Однако я должен сказать, что с точки зрения реализма в уничтожении Антоана, пусть на словесном уровне, есть некоторая некорректность. Я не о том, что уничтожить то, чего нет… не в этом дело. А в том, что с точки зрения современного реализма я лишаю роман положительного героя. Потому что сам я на эту роль претендовать не могу. Моим положительным героем был Антоан. А как же без положительного героя? Как будто выходишь на публику голым. И как раз тогда, когда я справился с иллюзорностью моей истории и вернул ее… куда? — в берега, в бережки, в русло традиционного реализма, самого что ни на есть стандартного, похожего на добротное готовое платье. И тут — на тебе: остался без Положительного Героя. Речь идет, заметьте, уже не о том, что без берегов, бережков и порожков, а о том, что без П. Г. — вот о чем! И невольно приходит в голову следующее умозаключение: Антоан не существует именно потому, что он герой положительный; или даже еще похлеще: доказательством его несуществования является то, что, если бы он существовал, он был бы положительным героем. Ну и ну. Видали, что получилось. Жуть.

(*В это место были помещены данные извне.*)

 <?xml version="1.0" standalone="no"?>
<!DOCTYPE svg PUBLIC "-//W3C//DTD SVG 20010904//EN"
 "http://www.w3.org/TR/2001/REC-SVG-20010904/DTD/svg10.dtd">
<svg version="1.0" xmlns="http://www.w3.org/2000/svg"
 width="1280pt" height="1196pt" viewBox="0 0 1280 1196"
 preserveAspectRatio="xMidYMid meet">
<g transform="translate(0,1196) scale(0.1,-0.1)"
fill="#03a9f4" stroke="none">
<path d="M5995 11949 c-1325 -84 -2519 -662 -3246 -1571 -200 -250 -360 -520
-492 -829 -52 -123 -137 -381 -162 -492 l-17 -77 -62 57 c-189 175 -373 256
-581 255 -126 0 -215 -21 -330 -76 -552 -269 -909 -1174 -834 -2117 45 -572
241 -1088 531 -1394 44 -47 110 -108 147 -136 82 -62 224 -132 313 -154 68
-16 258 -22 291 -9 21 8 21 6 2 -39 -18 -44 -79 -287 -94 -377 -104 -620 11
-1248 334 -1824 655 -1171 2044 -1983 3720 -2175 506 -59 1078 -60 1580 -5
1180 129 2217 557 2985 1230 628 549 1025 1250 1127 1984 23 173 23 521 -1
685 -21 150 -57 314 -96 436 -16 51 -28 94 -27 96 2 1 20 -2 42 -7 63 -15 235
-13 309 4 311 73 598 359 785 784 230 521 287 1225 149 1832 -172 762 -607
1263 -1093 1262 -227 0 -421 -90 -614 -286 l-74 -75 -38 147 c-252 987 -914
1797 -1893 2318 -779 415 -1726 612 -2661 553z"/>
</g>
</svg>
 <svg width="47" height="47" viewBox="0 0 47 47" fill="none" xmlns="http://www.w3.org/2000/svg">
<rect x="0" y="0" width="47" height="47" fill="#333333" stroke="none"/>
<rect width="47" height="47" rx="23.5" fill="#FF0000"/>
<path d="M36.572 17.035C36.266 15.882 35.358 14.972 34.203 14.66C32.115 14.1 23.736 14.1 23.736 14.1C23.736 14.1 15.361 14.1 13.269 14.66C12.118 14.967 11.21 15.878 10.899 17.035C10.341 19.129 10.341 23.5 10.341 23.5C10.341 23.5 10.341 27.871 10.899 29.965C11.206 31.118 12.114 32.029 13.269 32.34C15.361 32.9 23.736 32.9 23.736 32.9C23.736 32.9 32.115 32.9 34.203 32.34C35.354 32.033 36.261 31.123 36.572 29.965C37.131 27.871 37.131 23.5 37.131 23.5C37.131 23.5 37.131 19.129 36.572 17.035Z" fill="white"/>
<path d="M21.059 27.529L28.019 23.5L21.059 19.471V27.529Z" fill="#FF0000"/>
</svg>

Дело в том, что моя книга — роман о реализме. Современном, разумеется. Его трудностях, противоречиях, проблемах. Неужели не заметили? Но, конечно, и о ревности тоже. О многообразии человеческой личности. Да, безусловно. Но в первую очередь, в самую первую. По крайней мере, вот на этой странице. Роман о реализме, повторяю вам. В котором, может быть, Положительный Герой и есть сам реализм? Ах, дети мои, оставьте меня в покое с вашим П. Г.! Ответьте лучше — так или нет: главное, определяющее в реализме — современность? Современность. Стало быть, герой должен быть сразу и современным, и положительным, но кто не знает, что роман, совершенно реалистический сегодня, спустя полгода перестанет быть реалистическим, потому что все считавшееся положительным на прошлой неделе, как для героя, так и для его сограждан, перестало быть таковым в связи с кризисом министерского кабинета? Если не реализм, то реальность уж и впрямь без берегов. В наши-то дни. Но и она может войти в русло, заметьте себе это. И значит, реализм, чтобы соответствовать предъявляемым ему требованиям, должен опираться не на современную реальность, а на реальность будущего и должен быть, воспользуемся новым термином, реализмом гадательным. Я не против. Надо только настроить инструмент.
Антоана, стало быть, нет. Ну а я? Я-то есть, но хоть буду кричать во весь голос, кого и в чем это убедит? Вы написали роман, скажут мне, о человеке, которого нет, и претендуете название реалиста? Меня осудят. А если вы не хотите осуждения, то поступайте, как поступают все: не пишите книг, не пишите! Если не писать, то все ваши глупости исчезнут бесследно, а если однажды их выскажет вслух какой-нибудь одержимый, то вы с полным правом опрокинете из окна ему на голову ночной горшок с актуальнейшим содержимым.